Copyright CNES

Read and plot a SWOT-HR Raster products

In this notebook, we show how to read the SWOT-HR raster 100m and 250m netcdf products with xarray and how to represent a variable on a map with cartopy.

Libraries

Please note that apart from the libraries listed in the cell below, you need to install the h5netcdf library (conda install -c conda-forge h5netcdf).
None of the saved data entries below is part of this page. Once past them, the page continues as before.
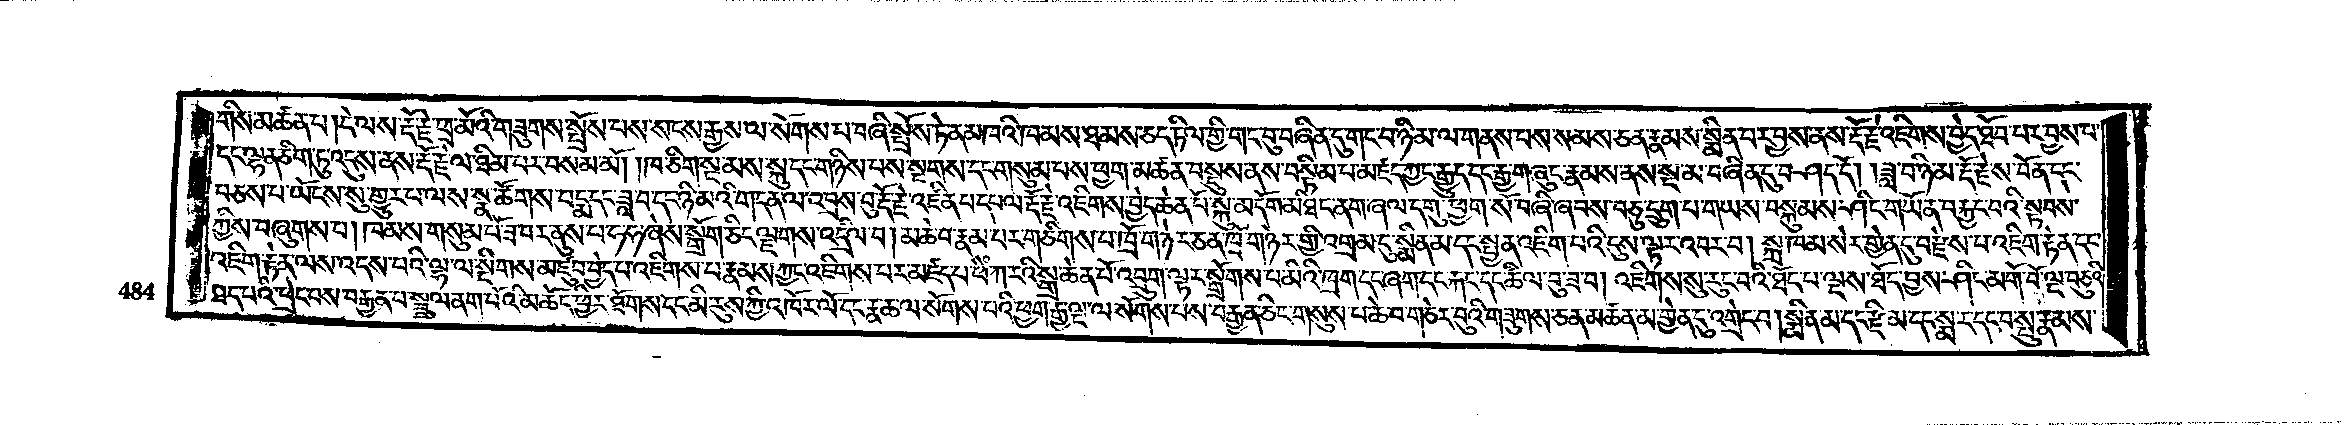གིས་མཚན་པ། དེ་ལས་རྡོ་རྗེ་ཕྲ་མོའི་གཟུགས་སྤྲོས་པས་སངས་རྒྱས་ལ་སོགས་པ་བཞི་སྤྲོས་ཏེ་ནམ་མཁའི་ཁམས་ཐམས་ཅད་ཏིལ་གྱི་གང་བུ་བཞིན་དུ་གང་བ་ཉི་མ་ལ་གནས་པས་སེམས་ཅན་རྣམས་སྨེན་པར་བྱས་ནས་རྡོ་རྗེ་འཇིགས་བྱེད་ཐོབ་པར་བྱས་པ་
དང་ལྷན་ཅིག་ཏུ་འདུས་ནས་རྡོ་རྗེ་ལ་ཐིམ་པར་བསམ་མོ། །ཁ་ཅིག་སྔ་མས་སྐུ་དང་གཉིས་པས་སྔགས་དང་གསུམ་པས་ཕྱག་མཚན་བསྡུས་ནས་བསྟིམ་པ་མཛད་ཀྱང་རྒྱུད་དང་རྒྱ་གཞུང་རྣམས་ནས་སྔ་མ་བཞིན་དུ་བཤད་དོ། །ཟླ་བ་ཉི་མ་རྡོ་རྗེ་ས་བོན་དང་
བཅས་པ་ཡོངས་སུ་གྱུར་པ་ལས་སྣ་ཚོགས་པདམ་དང་ཟླ་བ་དང་ཉི་མའི་གདན་ལ་འབྲས་བུ་རྡོ་རྗེ་འཛིན་པ་དཔལ་རྡོ་རྗེ་འཇིགས་བྱེད་ཆེན་པོ་སྐུ་མདོག་མཐིང་ནག་ཞལ་དགུ་ཕྱག་སོ་བཞི་ཞབས་བཅུ་དྲུག་པ་གཡས་བསྐུམས་ཤིང་གཡོན་བརྐྱང་བའི་སྟབས་
ཀྱིས་བཞུགས་པ། ཁམས་གསུམ་པོ་ཟ་བར་ནུས་པ་ཧ་ཧ་ཞེས་སྒྲོག་ཅིང་ལྗགས་འདྲིལ་བ། མཆེ་བ་རྣམ་པར་གཙིགས་པ་ཁྲོ་གཉེར་ཅན་ཁྲོ་གཉེར་གྱི་འགྲམ་དུ་སྨིན་མ་དང་སྤྱན་འཇིག་པའི་དུས་ལྟར་འབར་བ། སྐྲ་ཁམ་སེར་གྱེན་དུ་བརྫེས་པ་འཇིག་རྟེན་དང་
འཇིག་རྟེན་ལས་འདས་པའི་ལྷ་ལ་སྡིགས་མཛུབ་བྱེད་པ་འཇིགས་པ་རྣམས་ཀྱང་འཇིགས་པར་མཛད་པ་ཕཻཾ་ཀ་རའི་སྒྲ་ཆེན་པོ་འབྲུག་ལྟར་སྒྲོགས་པ་མིའི་ཁྲག་དང་ཞག་དང་རྐང་དང་ཚིལ་བུ་ཟ་བ། འཇིགས་སུ་རུང་བའི་ཐོད་པ་ལྔས་ཐོད་བྱས་ཤིང་མགོ་བོ་ལྔ་བཅུའི་
ཐོད་པའི་ཕྲེང་བས་བརྒྱན་པ་སྦྲུལ་ནག་པོའི་མཆོད་ཕྱིར་ཐོགས་དང་མི་རུས་ཀྱི་འཁོར་ལོ་དང་རྣ་ཆ་ལ་སོགས་པའི་ཕྱག་རྒྱ་ལྔ་ལ་སོགས་པས་བརྒྱན་ཅིང་གསུས་པ་ཆེ་བ་གཅེར་བུའི་གཟུགས་ཅན་མཚན་མ་གྱེན་དུ་འགྲེང་བ། སྨིན་མ་དང་རྫི་མ་དང་སྨ་ར་དང་བ་སྤུ་རྣམས་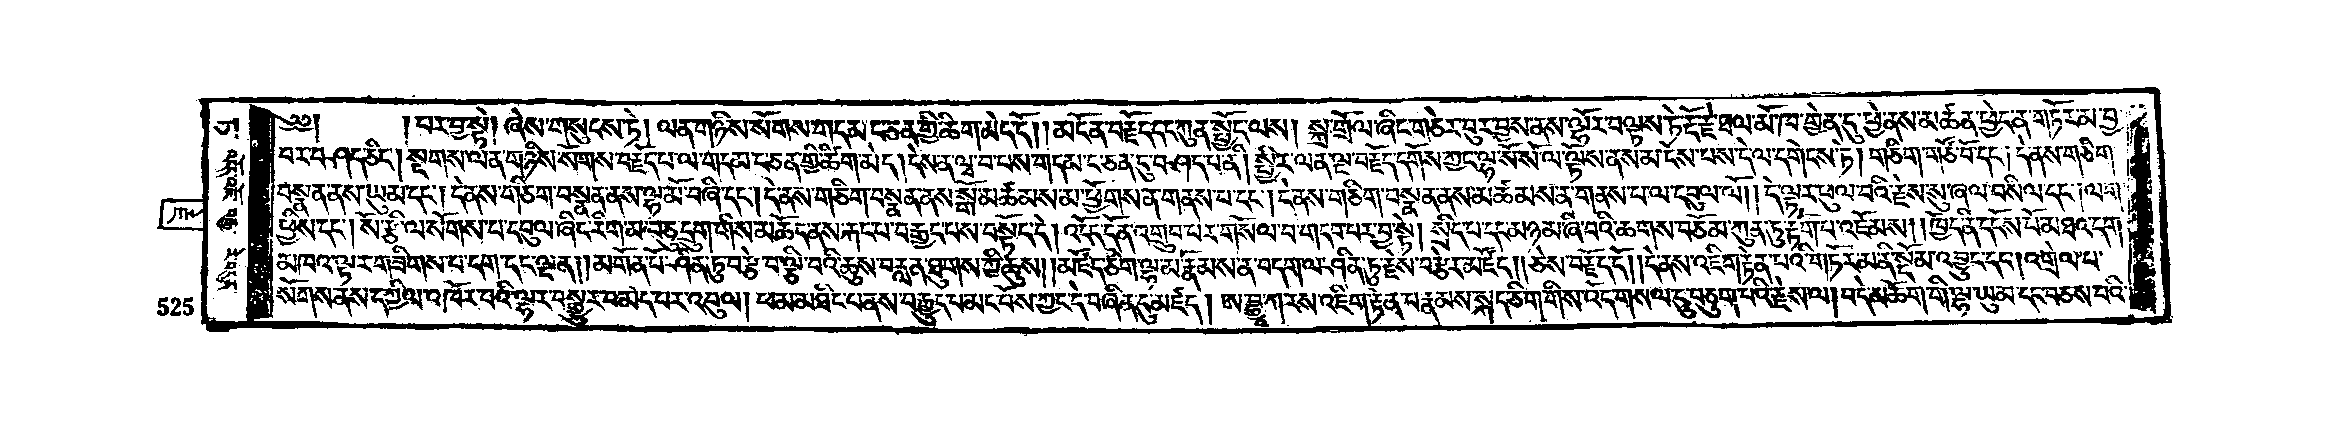༄༅། །པར་བྱ་སྟེ། ཞེས་གསུངས་ཏེ། ལན་གཉིས་སོགས་གདམ་ང་ཅན་གྱི་ཚིག་མེད་དོ། །མངོན་བརྗོད་དང་ཀུན་སྤྱོད་ལས། སྐྲ་གྲོལ་ཞིང་གཅེར་བུར་བྱས་ནས་ལྷོར་བལྟས་ཏེ་རྡོ་རྗེ་ཐལ་མོ་ཁ་གྱེན་དུ་ཕྱེ་ནས་མཚན་ཕྱེད་ན་གཏོར་མ་བྱ་
བར་བཤད་ཅིང་། སྔགས་ལན་གཉིས་སོགས་བརྗོད་པ་ལ་གདམ་ང་ཅན་གྱི་ཚིག་མེད། དེས་ན་ལྭ་བ་པས་གདམ་ང་ཅན་དུ་བཤད་པ་ནི། སྤྱིར་ལན་ལྔ་བརྗོད་དགོས་ཀྱང་ལྷ་སོ་སོ་ལ་ལྟོས་ནས་མ་ངེས་པས་དེ་ལ་དགོངས་ཏེ། གཅིག་གཙོ་བོ་དང་། དེ་ནས་གཅིག་
བསྣན་ནས་ཡུམ་དང་། དེ་ནས་གཅིག་བསྣན་ནས་ལྷ་མོ་བཞི་དང་། དེ་ནས་གཅིག་བསྣན་ནས་སྒོ་མཚམས་མ་ཕྱོགས་ན་གནས་པ་དང་། དེ་ནས་གཅིག་བསྣན་ནས་མཚམས་ན་གནས་པ་ལ་དབུལ་ལོ། །དེ་ལྟར་ཕུལ་བའི་རྗེས་སུ་ཞལ་བསིལ་དང་། ལག་
ཕྱིས་དང་། སོ་རྩི་ལ་སོགས་པ་དབུལ་ཞིང་རིག་མ་བཅུ་དྲུག་གིས་མཆོད་ནས་རྐང་པ་བརྒྱད་པས་བསྟོད་དེ། འདོད་དོན་འགྲུབ་པར་གསོལ་བ་གདབ་པར་བྱ་སྟེ། སྲིད་པ་དང་མཉམ་ཞི་བའི་ཆགས་བཅོམ་ཀུན་ཏུ་རྟོག་པ་འཇོམས། །ཁྱོད་ནི་དངོས་པོ་མཐའ་དག་
མཁའ་ལྟར་གཟིགས་པ་དག་དང་ལྡན། །མགོན་པོ་ཤིན་ཏུ་བརྩེ་བ་ལྕི་བའི་ཆུས་བརླན་ཐུགས་ཀྱི་ཆུས། །མཛོད་ཅིག་ལྷ་མོ་རྣམས་ན་བདག་ལ་ཤིན་ཏུ་རྗེས་བརྩེར་མཛོད། །ཅེས་བརྗོད་དོ། །དེ་ནས་འཇིག་རྟེན་པའི་གཏོར་མ་ནི་སྡོམ་འབྱུང་དང་། འགྲེལ་པ་
སོགས་ནས་དཀྱིལ་འཁོར་པའི་ལྷར་བསྒྱུར་བ་མེད་པར་འབུལ། ཕམ་མཐིང་པ་ནས་བརྒྱུད་པ་མང་པོས་ཀྱང་དེ་བཞིན་དུ་མཛད། ཨ་བྷྱཱ་ཀ་རས་འཇིག་རྟེན་པ་རྣམས་སྐད་ཅིག་གིས་འོད་གསལ་དུ་བཅུག་པའི་རྗེས་ལ། བདེ་མཆོག་གི་ལྷ་ཡུམ་དང་བཅས་པའི་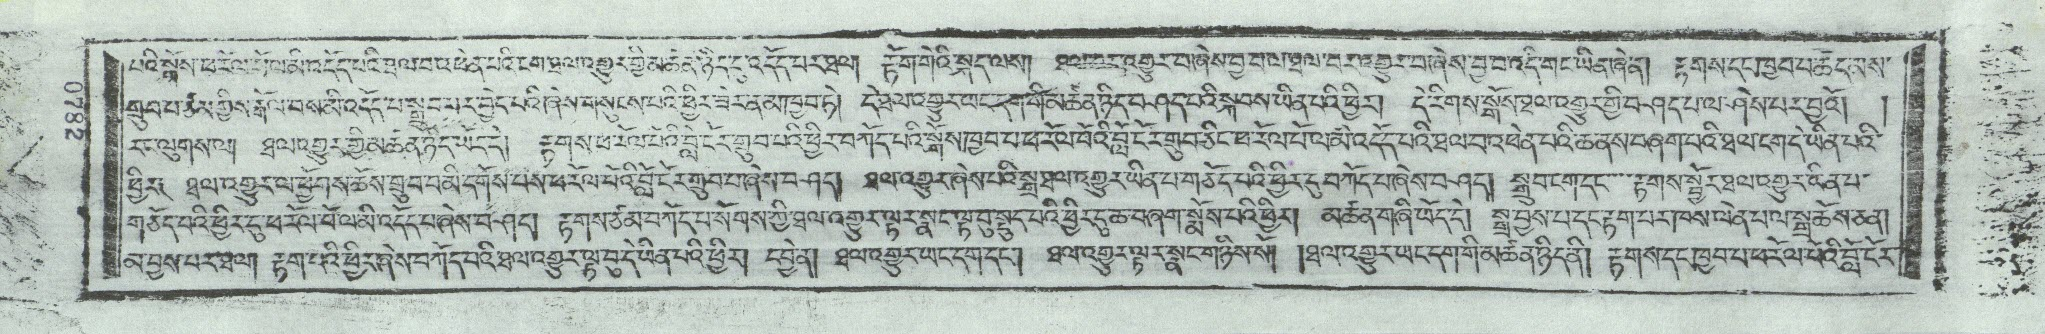པའི་སྒོས་ཕ་རོལ་པོ་ལ་མི་འདོད་པའི་ཐལ་བ་འཕེན་པའི་ངག་ཐལ་འགྱུར་གྱི་མཚན་ཉིད་དུ་འདོད་པར་ཐལ། རྟོག་གེའི་སྐད་ལས། ཐལ་བར་འགྱུར་བཞེས་བྱ་བ་ལ་ཐལ་བར་འགྱུར་བ་ཞེས་བྱ་བ་འདི་གང་ཡིན་ཞིང་། རྟགས་དང་ཁྱབ་པ་ཚད་མས་
གྲུབ་པ་ཙམ་གྱིས་རྒོལ་བས་མི་འདོད་པ་སྒྲུབ་པར་བྱེད་པའི་ཞེས་གསུངས་པའི་ཕྱིར་ཟེར་ན་མ་ཁྱབ་ཏེ། དེ་ཐལ་འགྱུར་ཡང་དག་གི་མཚན་ཉིད་བཤད་པའི་སྐབས་ཡིན་པའི་ཕྱིར། དེ་རིགས་སྒོས་ཐལ་འགྱུར་གྱི་བཤད་པ་ལ་ཤེས་པར་བྱའོ། །
རང་ལུགས་ལ། ཐལ་འགྱུར་གྱི་མཚན་ཉིད་ཡོད་དེ། རྟགས་ཕ་རོལ་པོའི་བློ་ངོར་གྲུབ་པའི་ཕྱིར་བཀོད་པའི་སྒོས་ཁྱབ་པ་ཕ་རོལ་པོའི་བློ་ངོར་གྲུབ་ཅིང་ཕ་རོལ་པོ་ལ་མི་འདོད་པའི་ཐལ་བ་འཕེན་པའི་ཆ་ནས་བཞག་པའི་ཐལ་ངག་དེ་ཡིན་པའི་
ཕྱིར༑ ཐལ་འགྱུར་ལ་ཕྱོགས་ཆོས་གྲུབ་བ་མི་དགོས་པས་ཕ་རོལ་བོའི་བློ་ངོར་གྲུབ་པ་ཞེས་བཤད། ཐལ་འགྱུར་ཞེས་པའི་སྒྲ་ཐལ་འགྱུར་ཡིན་པ་གཅོད་པའི་ཕྱིར་དུ་བཀོད་པ་ཞེས་བཤད། སྒྲུབ་ངག་དང་རྟགས་སྦྱོར་ཐལ་འགྱུར་ཡིན་པ་
གཅོད་པའི་ཕྱིར་དུ་ཕ་རོལ་པོ་ལ་མི་འདོད་པ་ཞེས་བཤད། རྟགས་ཙམ་བཀོད་པ་སོགས་ཀྱི་ཐལ་འགྱུར་ལྟར་སྣང་ལྟ་བུ་སྡུད་པའི་ཕྱིར་དུ་ཆ་བཞག་སྨོས་པའི་ཕྱིར། མཚན་གཞི་ཡོད་དེ། སྒྲ་བྱས་པ་དང་རྟག་པར་ཁས་ལེན་པ་ལ་སྒྲ་ཆོས་ཅན།
མ་བྱས་པར་ཐལ། རྟག་པའི་ཕྱིར་ཞེས་བཀོད་པའི་ཐལ་འགྱུར་ལྟ་བུ་དེ་ཡིན་པའི་ཕྱིར། དབྱེ་ན། ཐལ་འགྱུར་ཡང་དག་དང་། ཐལ་འགྱུར་ལྟར་སྣང་གཉིས་སོ། །ཐལ་འགྱུར་ཡང་དག་གི་མཚན་ཉིད་ནི། རྟགས་དང་ཁྱབ་པ་ཕ་རོལ་པོའི་བློ་ངོར་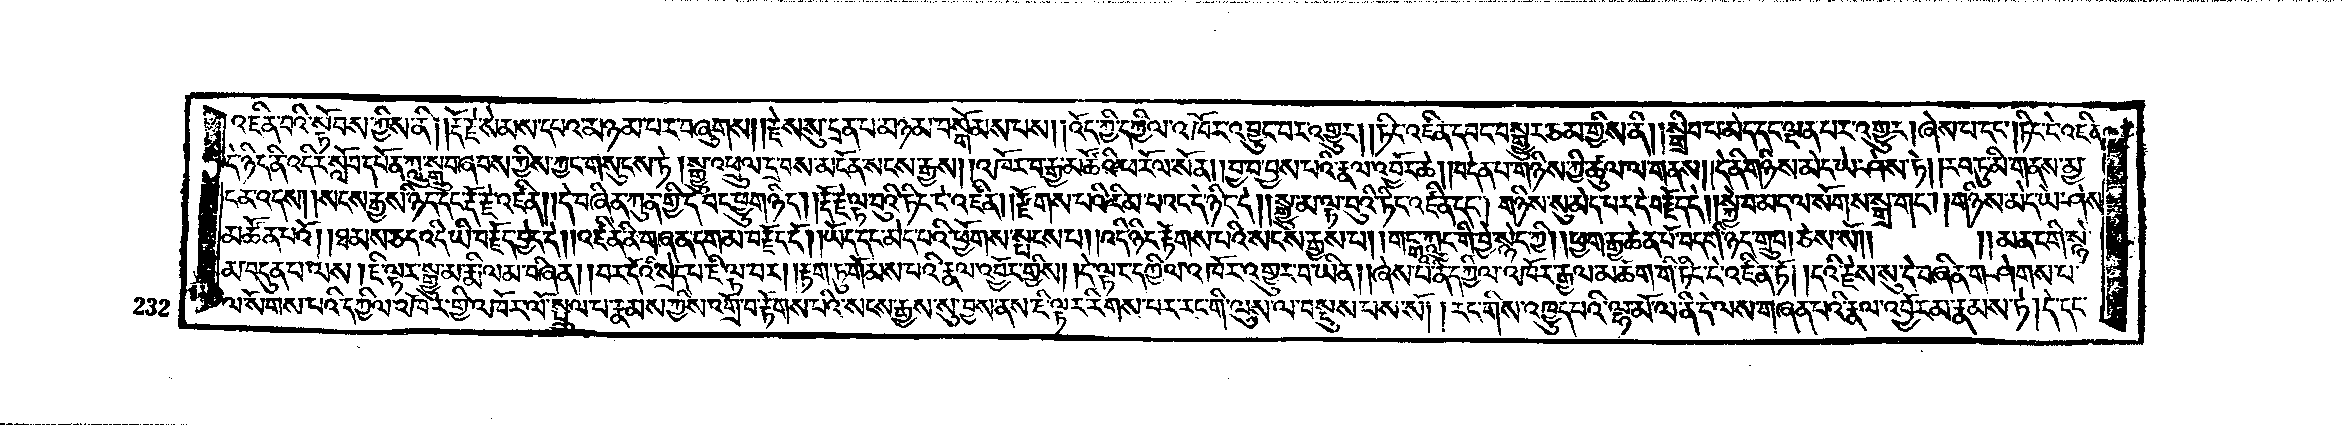འཛིན་པའི་སྟོབས་ཀྱིས་ནི། །རྡོ་རྗེ་སེམས་དཔའ་མཉམ་པར་བཞུགས། །རྗེས་སུ་དྲན་པ་མཉམ་བསྒོམས་པས། །འོད་ཀྱི་དཀྱིལ་འཁོར་འབྱུང་བར་འགྱུར། །ཏིང་འཛིན་དབང་བསྒྱུར་ཙམ་གྱིས་ནི། །སྒྲིབ་པ་མེད་དང་ལྡན་པར་འགྱུར། ཞེས་པ་དང་། ཏིང་ངེ་འཛིན་
དེ་ཉིད་ནི་འདིར་སློབ་དཔོན་ཀླུ་སྒྲུབ་ཞབས་ཀྱིས་ཀྱང་གསུངས་ཏེ། སྒྱུ་འཕྲུལ་དྲ་བས་མངོན་སངས་རྒྱས། །འཁོར་བ་རྒྱ་མཚོའི་ཕ་རོལ་སོན། །བྱ་བ་བྱས་པའི་རྣལ་འབྱོར་ཆེ། །བདེན་པ་གཉིས་ཀྱི་ཚུལ་ལ་གནས། །དེ་ནི་གཉིས་མེད་ཡེ་ཤེས་ཏེ། །རབ་ཏུ་མི་གནས་མྱ་
ངན་འདས། །སངས་རྒྱས་ཉིད་དང་རྡོ་རྗེ་འཛིན། །དེ་བཞིན་ཀུན་གྱི་དབང་ཕྱུག་ཉིད། །རྡོ་རྗེ་ལྟ་བུའི་ཏིང་ངེ་འཛིན། །རྫོགས་པའི་རིམ་པའང་དེ་ཉིད་དེ། །སྒྱུ་མ་ལྟ་བུའི་ཏིང་འཛིན་དང་། །གཉིས་སུ་མེད་པར་དེ་བརྗོད་དེ། །སྐྱེ་བ་མང་ལ་སོགས་སྒྲ་གང་། །གཉིས་མེད་ཡེ་ཤེས་
མཚོན་པའོ། །ཐམས་ཅད་འདི་ཡི་བརྗོད་བྱེད་དེ། །འཛིན་ནི་གཞན་དག་མ་བརྗོད་དོ། །ཡོད་དང་མེད་པའི་ཕྱོགས་སྤངས་པ། །འདི་ཉིད་རྟོགས་པའི་སངས་རྒྱས་པ། །གངྒཱ་ཀླུང་གི་བྱེ་སྙེད་ཀྱི། །ཕྱག་རྒྱ་ཆེན་པོ་བདག་ཉིད་གྲུབ། ཅེས་སོ།། །།མན་ངག་གི་སྙེ་
མ་བདུན་པ་ལས། ཇི་ལྟར་སྒྱུ་མ་རྨི་ལམ་བཞིན། །བར་དོའི་སྲེད་པ་ཇི་ལྟ་བར། །རྟག་ཏུ་གོམས་པའི་རྣལ་འབྱོར་གྱིས། །དེ་ལྟར་དཀྱིལ་འཁོར་འགྱུར་བ་ཡིན། །ཞེས་པ་ནི་དཀྱིལ་འཁོར་རྒྱལ་མཆོག་གི་ཏིང་ངེ་འཛིན་ཏོ། །དའི་རྗེས་སུ་དེ་བཞིན་གཤེགས་པ་
ལ་སོགས་པའི་དཀྱིལ་འཁོར་གྱི་འཁོར་ལོ་སྤྲུལ་པ་རྣམས་ཀྱིས་འགྲོ་བ་རྟོགས་པའི་སངས་རྒྱས་སུ་བྱས་ནས་ཇི་ལྟར་རིགས་པར་རང་གི་ལུས་ལ་བསྡུས་པས་སོ། །རང་གིས་འཁྱུད་པའི་ལྷ་མོ་ལ་ནི་དེ་ལས་གཞན་པའི་རྣལ་འབྱོར་མ་རྣམས་ཏེ། དེ་དང་

This will be used by th xarray.open_dataset function to read the netcdf files.

[1]:
import xarray as xr
import rioxarray
from pyproj import CRS
import os
import numpy as np
import matplotlib.pyplot as plt
%matplotlib inline

1. Read a SWOT-HR Raster netcdf product with xarray

[2]:
dir_swot = "../docs/data/swot/"
file_swot_raster100 = os.path.join(
    dir_swot,
    "SWOT_L2_HR_Raster_100m",
    "SWOT_L2_HR_Raster_100m_UTM22N_N_x_x_x_015_033_082F_20240509T115817_20240509T115835_PIC0_01_extract.nc",
)
# read data with xarray
xr_swot_raster100 = xr.open_dataset(file_swot_raster100)
# force xarray to acknowledge the CRS
xr_swot_raster100.rio.set_crs(CRS.from_user_input(xr_swot_raster100.crs.projected_crs_name).to_epsg(), inplace=True)

xr_swot_raster100
[2]:
<xarray.Dataset>
Dimensions:                  (y: 75, x: 59)
Coordinates:
  * x                        (x) float64 2.712e+05 2.713e+05 ... 2.77e+05
  * y                        (y) float64 5.558e+05 5.559e+05 ... 5.632e+05
Data variables: (12/39)
    cross_track              (y, x) float32 ...
    crs                      object ...
    dark_frac                (y, x) float32 ...
    geoid                    (y, x) float32 ...
    height_cor_xover         (y, x) float32 ...
    ice_clim_flag            (y, x) float32 ...
    ...                       ...
    water_frac               (y, x) float32 ...
    water_frac_uncert        (y, x) float32 ...
    wse                      (y, x) float32 ...
    wse_qual                 (y, x) float32 ...
    wse_qual_bitwise         (y, x) float64 ...
    wse_uncert               (y, x) float32 ...
Attributes: (12/50)
    Conventions:                   CF-1.7
    title:                         Level 2 KaRIn High Rate Raster Data Product
    source:                        Ka-band radar interferometer
    history:                       Wed Jun  5 21:08:21 2024: ncks -d x,271195...
    platform:                      SWOT
    references:                    V1.2.1
    ...                            ...
    x_max:                         315500.0
    y_min:                         497300.0
    y_max:                         643000.0
    institution:                   CNES
    product_version:               01
    NCO:                           netCDF Operators version 5.0.6 (Homepage =...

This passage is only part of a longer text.